Further, there is a higher level of genetic diversity and a lower level of population structure in Western South America (Andean area) when compared to Eastern South America (Amazonia, Chaco, and Brazilian Central Plateau; Fagundes et al. 2008; Tarazona-Santos et al. 2001). This may explain a relatively higher diversity of Peruvian haplotypes associated with the SCA10 mutation when compared to Brazilian families, since the latter have shown two different haplotypes 19-CGGC-14 and 19-CGGC-18 associated with SCA10 mutation.
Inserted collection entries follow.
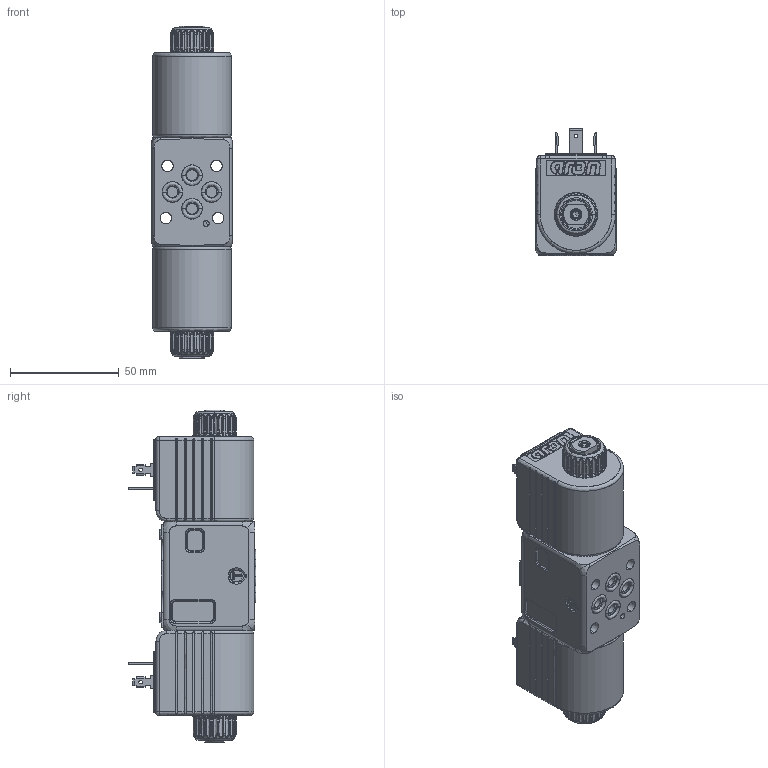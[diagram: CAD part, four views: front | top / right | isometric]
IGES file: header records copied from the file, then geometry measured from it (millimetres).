
Start section: SolidWorks IGES file using analytic representation for surfaces
Global section: file name: AD2E--C-S13.igs; native system: SolidWorks 2014; preprocessor: SolidWorks 2014; author: serviziopdm; date: 160929.164741; units: millimetre
Bounding box: 37 x 58.66 x 152.6 mm (x, y, z)
Surface area: 35097 mm2 (no closed solid volume)
Topology: 0 solids, 0 shells, 1959 faces, 19991 edges, 19973 vertices
Faces by surface type: bspline 1174, revolution 785

The 19-CGGCG-18 is different from the most common haplotype by a four-repeat unit in the D22S1140 marker as a result of a relatively common event in STRs represented by gain or loss of repeat units.

CGGC haplotype lineage networks were constructed in order to improve the understanding of the phylogenetic relationship among haplotypes associated with SCA10. Similar pattern was observed among groups, demonstrating a unimodal-like pattern (Fig. 3). This type of pattern is expected to be observed in networks of patients with same mutation origin, while different mutation origins generate a bimodal-like pattern.

We should take into consideration that haplotypes H2 and H3 are also found in other populations throughout the world despite their high prevalence in Native Americans. Unfortunately, there are no exclusive genetic markers of Native American along the chromosome region assessed in this study that could give undoubtedly information about the SCA10 geographical origin. Considering this limitation, additional studies should focus in evaluating the individual genetic ancestry of family members carrying the most common haplotype by employing different approaches to further assess the founder effect for SCA10 in America.

The present data are the most extensive study ever performed addressing the SCA10 ancestral origin and including a large number of SCA10 families from two different geographical regions in South America. To date, the ancestry of the mutation was hypothesized based on theoretical evidence only. We provide here additional molecular evidence that supports a unique Amerindian common origin for SCA10 mutation.